Children can be treated with an anthelmintic agent. Severe infections should be treated with systemic corticosteroids.

Anthelmintics

Class Summary

Historically, the treatment of visceral larva migrans (VLM) in adults and children was primarily symptomatic. However, the identification of anthelmintics (eg, thiabendazole, diethylcarbamazine) in the 1960s offered an effective therapeutic choice. Anthelmintics act against the migrating larvae.

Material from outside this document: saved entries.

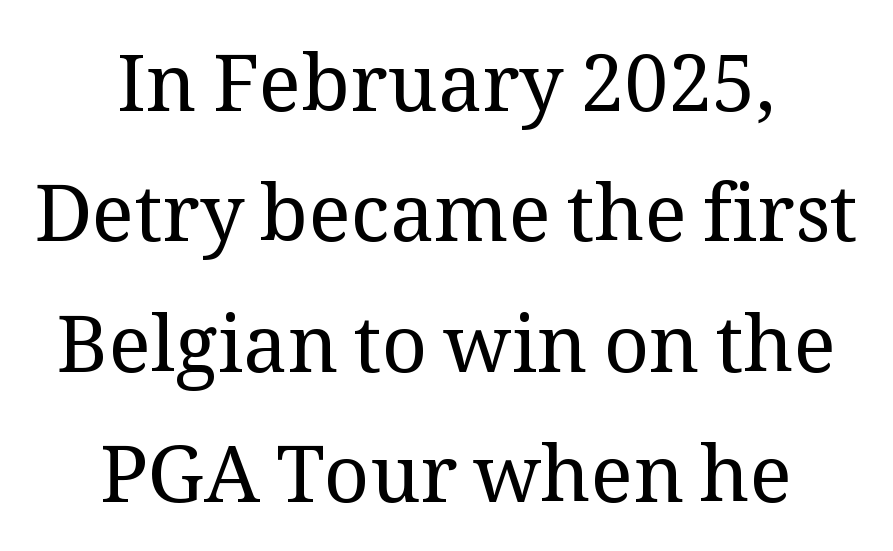
Q: Is the text bold? A: No.
Q: Is the text italic (slanted)? A: No, it is upright.
Q: Is the typeface a serif or a sans-serif typeface? A: Serif.
Q: Is the text underlined? A: No.
Q: How is the paragraph aligned? A: Centered.
Q: Is the spacing between letters normal or unusually wide? A: Normal.
Q: Is the spacing between lines tight, normal or loose? A: Normal.
Q: Width (condensed, normal, or wide)? A: Normal.
Q: Stroke contrast? A: Medium.
Q: x-height? A: Medium.
Q: Monospaced? A: No.
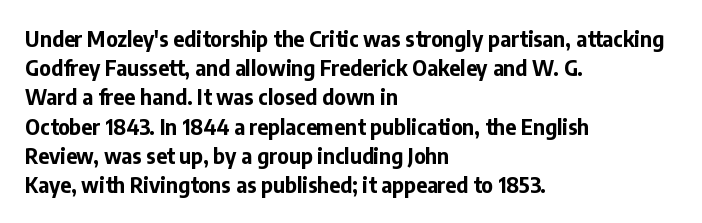
Q: Is the text bold? A: Yes.
Q: Is the text italic (slanted)? A: No, it is upright.
Q: Is the text underlined? A: No.
Q: How is the paragraph aligned? A: Left-aligned.
Q: Is the spacing between letters normal or unusually wide? A: Normal.
Q: Is the spacing between lines tight, normal or loose? A: Normal.
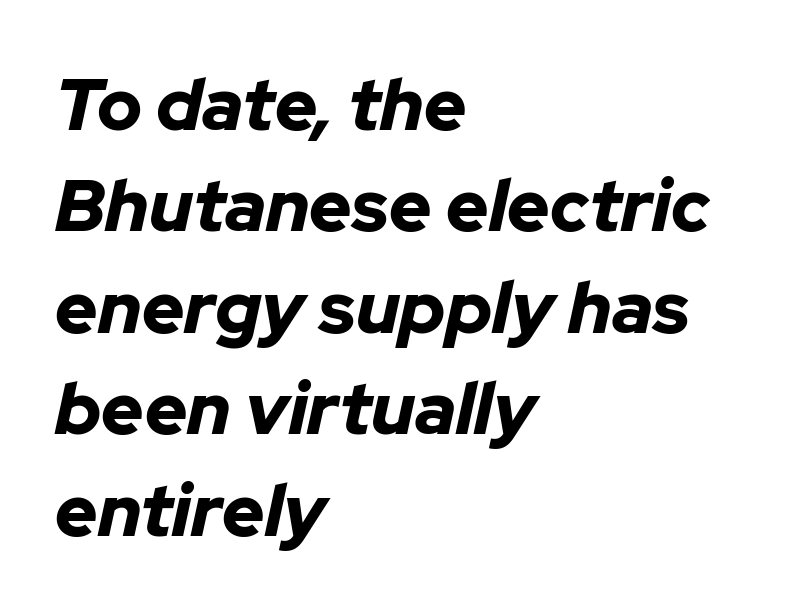
{"italic": "yes", "lean": "right", "slant_degrees": 12, "bold": "yes", "weight": "bold", "width": "normal", "stroke_contrast": "low", "x_height": "medium", "monospaced": "no", "underline": "no", "align": "left", "line_spacing": "normal", "line_spacing_ratio": 1.39, "letter_spacing": "normal", "letter_spacing_em": 0.0, "glyph_px": 73}
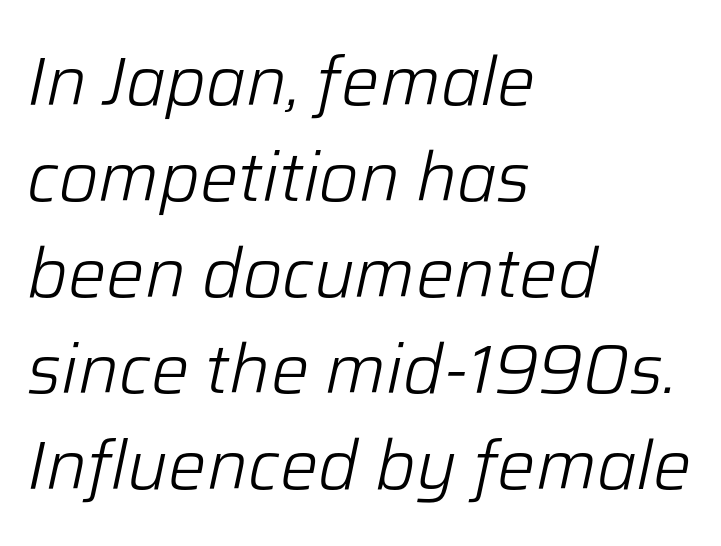
Q: Is the text bold? A: No.
Q: Is the text italic (slanted)? A: Yes, it leans right by about 12 degrees.
Q: Is the text underlined? A: No.
Q: How is the paragraph aligned? A: Left-aligned.
Q: Is the spacing between letters normal or unusually wide? A: Normal.
Q: Is the spacing between lines tight, normal or loose? A: Normal.
Q: Width (condensed, normal, or wide)? A: Normal.
Q: Stroke contrast? A: Low.
Q: x-height? A: Medium.
Q: Monospaced? A: No.

Parasite biochemical pathways are different from the human host; thus, toxicity is directed to the parasite, egg, or larvae. The mechanism of action varies within the drug class. Antiparasitic actions may include the following:

- Inhibition of microtubules causes irreversible block of glucose uptake

- Tubulin polymerization inhibition

- Depolarizing neuromuscular blockade

- Cholinesterase inhibition

- Increased cell membrane permeability, resulting in intracellular calcium loss

- Vacuolization of the schistosome tegument

- Increased cell membrane permeability to chloride ions via chloride channels alteration

Mebendazole (Vermox)

Selectively and irreversibly blocks the uptake of glucose and other nutrients in susceptible intestine-dwelling helminths.

Thiabendazole (Mintezol)

Inhibits mitochondrial formate reductase, which is specific for helminth.

Albendazole (Albenza)

Acts primarily by inhibiting tubulin polymerization, resulting in the loss of cytoplasmic microtubules. Tends to be most effective against larval forms.

 

Follow-up

Further Inpatient Care

See the list below:

  • Children rarely require hospitalization for visceral larva migrans (VLM).

Transfer

See the list below:

  • Arrange transfer for children with disease that require services or specialists not readily available (unusual occurrence).

Deterrence/Prevention

See the list below:

  • Avoid contaminated areas when possible.

Complications

See the list below:

  • Pneumonia

  • Seizures

  • Myocarditis

  • Encephalitis

  • Abscess

  • Decreased visual acuity and blindness

  • Death

Prognosis

See the list below:

  • Visceral larva migrans is generally benign and self-limiting. However, serious sequelae can occur, resulting in significant risk of morbidity and mortality.

Patient Education

See the list below:

  • Instruct caregiver to worm household pets and to properly dispose of pet feces.

  • Encourage good personal hygiene, including washing hands after playing with pets.

  • Encourage caregivers to prevent children from playing in areas that are soiled with pet or other animal feces.

  • Teach older children that eating dirt may be dangerous.